Came back home, needed to shower and wash my hair (both to clean off the insect repellant - I worry about ticks out in the field - and also to make sure I didn't have any ticks walking on me). Tried to unbraid my hair - it's gotten very long, I joked about trying to grow it down to my butt - and this happened:

I couldn't unsnarl it and it was right at the end, so I just got out my sewing shears. I had to even it up afterward:

That's maybe about 2 1/2 or 3 inches. I can feel a difference and hopefully I got rid of the worst split ends so my hair won't grab onto itself so much any more. (It has gotten kind of dry and brittle recently, I don't know if it's stress. I started taking hair vitamins again but they don't seem to be doing a lot)

Anyway. Board Meeting is tonight and I am wondering if we talk more about reopening or not....I know cases are going up here, so we'll see.

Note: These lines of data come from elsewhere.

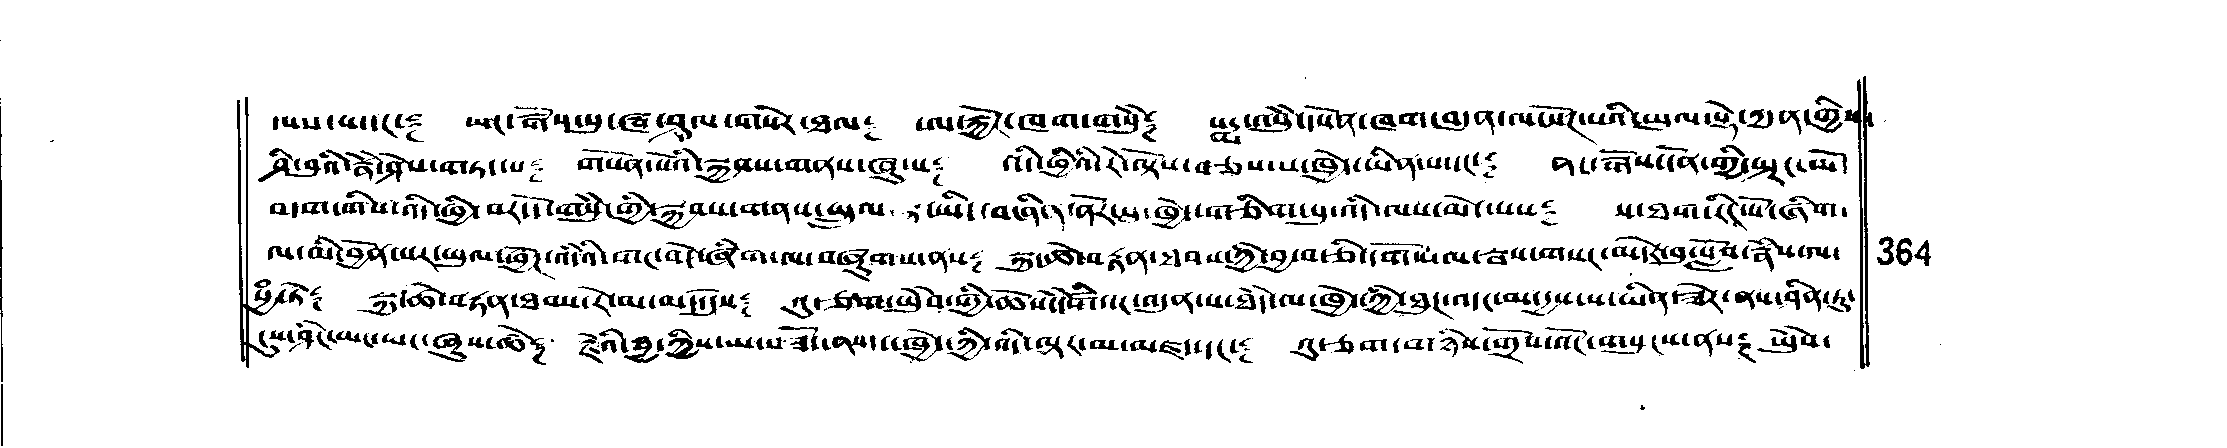ལས་པ་དང་། ཡང་སྒོས་སུ་ཝ་ཤུལ་གསེར་ཐལ། ཨ་སྐྱོང་ཁག་གསུམ། པདྨ་འབུམ་དཔོན་ཁག་བདུན་ལ་སོགས་པའི་ཡུལ་སྡེ་ཀུན་གྱིས་
ཤི་བུའི་རྣམ་ཤེས་གཏད་ས། གསོན་པོའི་སྐྱབས་གནས་ཞུ་ས། འདི་ཕྱིའི་རེ་ལྟོས་བཅའ་ས་ཁྱེད་ཡིན་པ་དང་། ནང་སྒོས་དོན་གྱི་སྤྲང་མོ་
བདག་གིས་འདི་ཕྱི་བར་དོ་གསུམ་གྱི་སྐྱབས་གནས་སྤྲུལ་སྐུ་ཡིད་བཞིན་ནོར་བུ་ཁྱེད་གཅིག་པུ་འདི་ལས་མེད་པས། ས་ཐག་རིང་པོ་ཞིག་
ལ་མི་བྱོན་པར་ཡུལ་ཕྱོགས་འདིའི་གང་བདེ་ཞིག་ལ་བཞུགས་ནས། སྐུ་ཚེ་བརྟན་ཐབས་ཀྱི་བྱ་བ་ཅི་དགོས་ལ་སྦས་གསང་མེད་པར་བུ་སློབ་རྣམས་ལ་
གསུངས་ཏེ། སྐུ་ཚེ་བརྟན་ཐབས་རེ་མ་མཛད་དུས། འུ་ཅག་ཡབ་ཡུམ་གྱི་ཆོས་དམ་ཚིག་དང་འདུན་པ་ཐམས་ཅད་ལ་ཁྱེད་ཀྱི་ཐུགས་འདང་མ་རྒྱས་པ་ཡིན་ཟེར་ནས་ཤིན་ཏུ་
ངུས་ཤིང་ཡང་ཡང་ཞུས་ཚེ། རྗེའི་ཐུགས་ཀྱི་མ་བཟོད་ནས་ད་ཁྱོད་ཀྱི་འདི་ལྟར་མ་མཛད་དང་། འུ་ཅག་གཉིས་གྲོས་འོང་གསུངས་ནས། ཡབ་ཡུམ་

I *think* if we sat spaced out and wore masks and didn't sing and did communion differently, it would be okay....but then, there's not a lot of point in meeting in person if all those things are off the table. I don't know. I would be open to the idea of us meeting again PROVIDED people are willing to mask up and similar, but would also be open to continuing online church for now.

But for now: I need to eat something, and maybe I spend the afternoon sewing on the newest quilt top as a reward for getting the fieldwork done.